People have increasingly busy lifestyles and having someone break that routine to try and "sell them something" is less kosher than it was in past decades. When modern man wants to buy something he knows it and he will research it and then buy the product or service. Sometimes that "research" is in the form of advertising but even that isn't intrusive in the same way that MLM marketing is intrusive.

Advertising can be ignored, skipped, passed by or ridiculed without involving any personalities. It is, by definition, passive. Even "intrusive" Web ads are essentially passive. Yet, when you introduce the human element into the equation the entire dynamic suddenly shifts. Suddenly, emotions, personalities and expectations begin to affect the "customer." In a passive setting this is quite unexpected and generally unwelcome today. This is the reason door-to-door sales have declined precipitously in the past few decades. People generally don't want to unexpectedly interact with people when they are in passive mode. What's more, they don't want to interact with someone who is trying to sell them something.

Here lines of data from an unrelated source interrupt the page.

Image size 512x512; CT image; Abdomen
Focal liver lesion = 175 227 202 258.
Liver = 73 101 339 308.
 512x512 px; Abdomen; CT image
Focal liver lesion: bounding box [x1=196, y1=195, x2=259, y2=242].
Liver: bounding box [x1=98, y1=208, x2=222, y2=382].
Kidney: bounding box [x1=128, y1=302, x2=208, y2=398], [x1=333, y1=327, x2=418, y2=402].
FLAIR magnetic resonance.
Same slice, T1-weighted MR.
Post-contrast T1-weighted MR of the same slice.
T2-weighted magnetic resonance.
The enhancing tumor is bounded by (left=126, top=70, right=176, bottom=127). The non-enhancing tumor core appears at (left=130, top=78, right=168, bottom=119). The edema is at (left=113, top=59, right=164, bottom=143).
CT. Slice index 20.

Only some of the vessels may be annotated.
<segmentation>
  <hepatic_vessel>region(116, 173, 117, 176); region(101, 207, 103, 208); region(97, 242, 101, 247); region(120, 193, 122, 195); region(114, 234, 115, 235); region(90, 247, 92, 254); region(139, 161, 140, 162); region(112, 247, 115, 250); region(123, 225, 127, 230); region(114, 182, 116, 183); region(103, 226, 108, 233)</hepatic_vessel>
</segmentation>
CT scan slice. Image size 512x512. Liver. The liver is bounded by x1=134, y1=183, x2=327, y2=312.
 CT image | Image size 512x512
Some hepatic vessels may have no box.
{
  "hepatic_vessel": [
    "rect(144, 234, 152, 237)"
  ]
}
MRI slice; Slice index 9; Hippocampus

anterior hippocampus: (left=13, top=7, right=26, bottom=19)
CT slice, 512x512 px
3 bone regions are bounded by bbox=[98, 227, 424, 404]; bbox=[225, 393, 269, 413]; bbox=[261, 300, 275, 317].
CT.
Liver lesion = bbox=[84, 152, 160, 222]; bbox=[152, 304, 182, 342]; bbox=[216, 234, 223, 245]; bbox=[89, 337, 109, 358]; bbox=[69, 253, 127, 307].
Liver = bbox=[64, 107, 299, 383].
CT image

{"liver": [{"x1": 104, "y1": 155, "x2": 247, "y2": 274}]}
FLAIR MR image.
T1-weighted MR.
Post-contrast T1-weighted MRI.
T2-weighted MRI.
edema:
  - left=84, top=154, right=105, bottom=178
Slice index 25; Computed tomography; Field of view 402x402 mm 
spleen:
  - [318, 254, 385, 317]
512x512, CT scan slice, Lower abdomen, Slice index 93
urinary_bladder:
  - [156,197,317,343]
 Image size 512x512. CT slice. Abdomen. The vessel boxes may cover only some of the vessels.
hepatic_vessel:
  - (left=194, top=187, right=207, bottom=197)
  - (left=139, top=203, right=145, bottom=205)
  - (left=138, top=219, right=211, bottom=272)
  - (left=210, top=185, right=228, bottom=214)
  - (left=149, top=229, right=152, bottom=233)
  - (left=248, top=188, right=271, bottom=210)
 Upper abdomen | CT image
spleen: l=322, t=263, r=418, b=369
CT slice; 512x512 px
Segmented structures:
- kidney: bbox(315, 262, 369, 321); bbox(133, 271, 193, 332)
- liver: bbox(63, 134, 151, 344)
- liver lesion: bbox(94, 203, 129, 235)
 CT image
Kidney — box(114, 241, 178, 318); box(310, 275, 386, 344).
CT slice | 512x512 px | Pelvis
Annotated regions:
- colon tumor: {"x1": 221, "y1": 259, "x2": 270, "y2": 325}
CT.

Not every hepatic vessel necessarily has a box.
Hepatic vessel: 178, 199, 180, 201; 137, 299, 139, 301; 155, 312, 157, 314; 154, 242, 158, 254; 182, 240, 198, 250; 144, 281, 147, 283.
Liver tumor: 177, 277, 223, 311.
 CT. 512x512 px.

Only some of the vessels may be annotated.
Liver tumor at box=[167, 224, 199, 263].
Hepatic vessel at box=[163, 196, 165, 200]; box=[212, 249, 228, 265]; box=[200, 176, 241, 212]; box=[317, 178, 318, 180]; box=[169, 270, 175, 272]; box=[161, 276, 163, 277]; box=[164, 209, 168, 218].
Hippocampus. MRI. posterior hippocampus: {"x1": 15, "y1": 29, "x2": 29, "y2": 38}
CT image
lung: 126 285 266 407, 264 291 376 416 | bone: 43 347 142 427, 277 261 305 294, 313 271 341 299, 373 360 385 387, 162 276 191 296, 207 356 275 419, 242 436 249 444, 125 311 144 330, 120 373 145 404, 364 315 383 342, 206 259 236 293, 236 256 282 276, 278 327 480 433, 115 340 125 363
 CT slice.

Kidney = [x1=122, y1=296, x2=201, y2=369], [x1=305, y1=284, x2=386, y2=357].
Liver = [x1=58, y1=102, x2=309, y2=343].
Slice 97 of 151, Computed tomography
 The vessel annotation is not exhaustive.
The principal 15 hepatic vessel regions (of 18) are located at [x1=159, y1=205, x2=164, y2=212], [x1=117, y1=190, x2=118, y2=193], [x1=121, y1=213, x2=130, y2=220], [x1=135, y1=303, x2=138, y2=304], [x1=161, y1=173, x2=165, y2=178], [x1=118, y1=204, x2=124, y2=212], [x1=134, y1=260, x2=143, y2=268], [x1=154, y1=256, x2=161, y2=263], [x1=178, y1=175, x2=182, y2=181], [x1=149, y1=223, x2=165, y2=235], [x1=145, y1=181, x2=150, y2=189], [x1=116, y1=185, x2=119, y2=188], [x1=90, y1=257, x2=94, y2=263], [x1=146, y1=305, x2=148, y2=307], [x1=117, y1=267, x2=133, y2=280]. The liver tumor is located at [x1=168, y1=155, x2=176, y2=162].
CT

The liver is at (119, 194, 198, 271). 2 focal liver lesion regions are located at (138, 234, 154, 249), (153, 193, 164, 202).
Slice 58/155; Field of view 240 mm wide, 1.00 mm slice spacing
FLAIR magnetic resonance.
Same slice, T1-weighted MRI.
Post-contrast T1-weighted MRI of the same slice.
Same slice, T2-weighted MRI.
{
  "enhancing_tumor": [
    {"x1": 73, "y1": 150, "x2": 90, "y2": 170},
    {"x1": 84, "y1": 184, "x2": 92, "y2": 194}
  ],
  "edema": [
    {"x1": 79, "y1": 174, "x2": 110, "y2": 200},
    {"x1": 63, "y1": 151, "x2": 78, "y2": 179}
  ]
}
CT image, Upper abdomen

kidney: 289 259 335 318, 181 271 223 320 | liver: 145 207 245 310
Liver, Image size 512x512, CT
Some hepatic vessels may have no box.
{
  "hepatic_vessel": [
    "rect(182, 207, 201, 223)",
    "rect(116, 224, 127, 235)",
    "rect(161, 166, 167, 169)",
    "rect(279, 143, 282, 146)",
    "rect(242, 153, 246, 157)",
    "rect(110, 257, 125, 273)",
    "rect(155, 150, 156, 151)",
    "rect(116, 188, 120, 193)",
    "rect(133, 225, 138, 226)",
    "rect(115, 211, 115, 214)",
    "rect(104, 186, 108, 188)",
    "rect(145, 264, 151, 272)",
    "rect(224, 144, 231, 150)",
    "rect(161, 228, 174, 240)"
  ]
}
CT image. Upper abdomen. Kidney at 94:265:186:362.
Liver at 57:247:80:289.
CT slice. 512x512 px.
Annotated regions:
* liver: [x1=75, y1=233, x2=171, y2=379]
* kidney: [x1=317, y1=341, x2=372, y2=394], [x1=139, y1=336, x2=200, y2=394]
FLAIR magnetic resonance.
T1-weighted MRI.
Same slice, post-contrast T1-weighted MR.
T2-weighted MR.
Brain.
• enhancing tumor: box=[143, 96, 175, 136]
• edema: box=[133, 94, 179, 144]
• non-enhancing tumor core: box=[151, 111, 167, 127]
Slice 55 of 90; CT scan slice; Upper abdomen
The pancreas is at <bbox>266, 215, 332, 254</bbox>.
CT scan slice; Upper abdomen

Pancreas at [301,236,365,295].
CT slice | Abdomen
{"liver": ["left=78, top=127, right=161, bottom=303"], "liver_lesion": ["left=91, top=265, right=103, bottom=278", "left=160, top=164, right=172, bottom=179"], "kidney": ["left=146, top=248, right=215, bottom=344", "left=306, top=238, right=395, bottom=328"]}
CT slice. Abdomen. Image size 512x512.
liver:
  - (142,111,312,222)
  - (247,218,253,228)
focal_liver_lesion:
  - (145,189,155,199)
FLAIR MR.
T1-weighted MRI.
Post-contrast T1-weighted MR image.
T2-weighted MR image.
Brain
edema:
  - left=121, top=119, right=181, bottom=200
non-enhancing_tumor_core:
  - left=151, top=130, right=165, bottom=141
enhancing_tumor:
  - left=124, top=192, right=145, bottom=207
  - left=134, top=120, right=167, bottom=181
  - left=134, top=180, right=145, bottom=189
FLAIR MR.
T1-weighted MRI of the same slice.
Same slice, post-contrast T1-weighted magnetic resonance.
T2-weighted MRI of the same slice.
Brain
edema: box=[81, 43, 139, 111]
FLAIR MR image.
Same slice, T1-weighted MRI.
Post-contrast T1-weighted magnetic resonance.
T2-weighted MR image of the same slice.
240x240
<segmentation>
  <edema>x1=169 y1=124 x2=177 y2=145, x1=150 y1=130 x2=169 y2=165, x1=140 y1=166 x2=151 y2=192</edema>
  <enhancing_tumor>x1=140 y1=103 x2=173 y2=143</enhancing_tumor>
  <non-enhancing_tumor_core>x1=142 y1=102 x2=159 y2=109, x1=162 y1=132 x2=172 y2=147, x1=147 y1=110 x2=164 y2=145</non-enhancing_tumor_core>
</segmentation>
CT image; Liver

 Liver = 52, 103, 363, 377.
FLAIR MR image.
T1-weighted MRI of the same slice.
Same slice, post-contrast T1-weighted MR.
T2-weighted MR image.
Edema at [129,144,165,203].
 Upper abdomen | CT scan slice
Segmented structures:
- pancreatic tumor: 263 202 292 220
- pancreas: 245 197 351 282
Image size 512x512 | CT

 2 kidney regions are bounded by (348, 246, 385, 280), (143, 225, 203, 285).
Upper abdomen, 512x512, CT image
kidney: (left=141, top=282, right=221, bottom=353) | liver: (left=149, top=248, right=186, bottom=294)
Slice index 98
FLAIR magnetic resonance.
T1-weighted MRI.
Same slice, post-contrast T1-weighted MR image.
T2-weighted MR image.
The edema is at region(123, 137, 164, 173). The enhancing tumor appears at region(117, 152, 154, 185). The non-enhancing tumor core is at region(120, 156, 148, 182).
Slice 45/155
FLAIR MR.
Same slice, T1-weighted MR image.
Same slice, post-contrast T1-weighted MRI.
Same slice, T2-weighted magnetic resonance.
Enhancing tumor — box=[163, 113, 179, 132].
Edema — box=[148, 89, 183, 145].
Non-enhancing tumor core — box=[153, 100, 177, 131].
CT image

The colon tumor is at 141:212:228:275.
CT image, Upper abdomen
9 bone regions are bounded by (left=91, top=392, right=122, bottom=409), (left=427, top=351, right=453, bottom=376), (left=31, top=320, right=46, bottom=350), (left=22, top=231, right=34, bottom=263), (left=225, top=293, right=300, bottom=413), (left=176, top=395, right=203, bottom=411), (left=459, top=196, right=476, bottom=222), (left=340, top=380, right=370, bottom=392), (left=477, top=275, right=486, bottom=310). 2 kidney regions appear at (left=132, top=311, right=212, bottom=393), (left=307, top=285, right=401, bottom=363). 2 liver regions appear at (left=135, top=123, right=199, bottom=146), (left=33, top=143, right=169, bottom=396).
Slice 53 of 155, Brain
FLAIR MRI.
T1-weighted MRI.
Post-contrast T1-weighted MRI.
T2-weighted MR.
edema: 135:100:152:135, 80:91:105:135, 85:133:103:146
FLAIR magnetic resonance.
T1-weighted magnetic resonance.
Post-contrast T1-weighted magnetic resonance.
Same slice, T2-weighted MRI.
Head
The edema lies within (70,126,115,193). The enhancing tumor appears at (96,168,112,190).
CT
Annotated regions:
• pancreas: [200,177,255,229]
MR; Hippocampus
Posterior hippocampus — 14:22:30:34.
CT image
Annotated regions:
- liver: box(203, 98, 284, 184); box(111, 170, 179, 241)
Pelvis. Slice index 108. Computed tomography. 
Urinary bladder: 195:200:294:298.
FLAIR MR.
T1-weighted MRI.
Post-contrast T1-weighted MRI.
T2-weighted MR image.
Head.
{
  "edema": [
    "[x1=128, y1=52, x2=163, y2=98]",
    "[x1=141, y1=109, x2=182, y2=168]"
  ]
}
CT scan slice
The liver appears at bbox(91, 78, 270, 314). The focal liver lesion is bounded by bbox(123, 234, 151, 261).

I speak only from observations and lack any real scientific knowledge of sociological trends. What I wonder is if others see what I see. Additionally, from my understanding, Quixtar hasn't grown much in modernized markets (where community is less central to the social environment) while it (Amway) has grown rapidly in less-advanced markets (where community is still central). Is there a correlation? Maybe. Maybe not.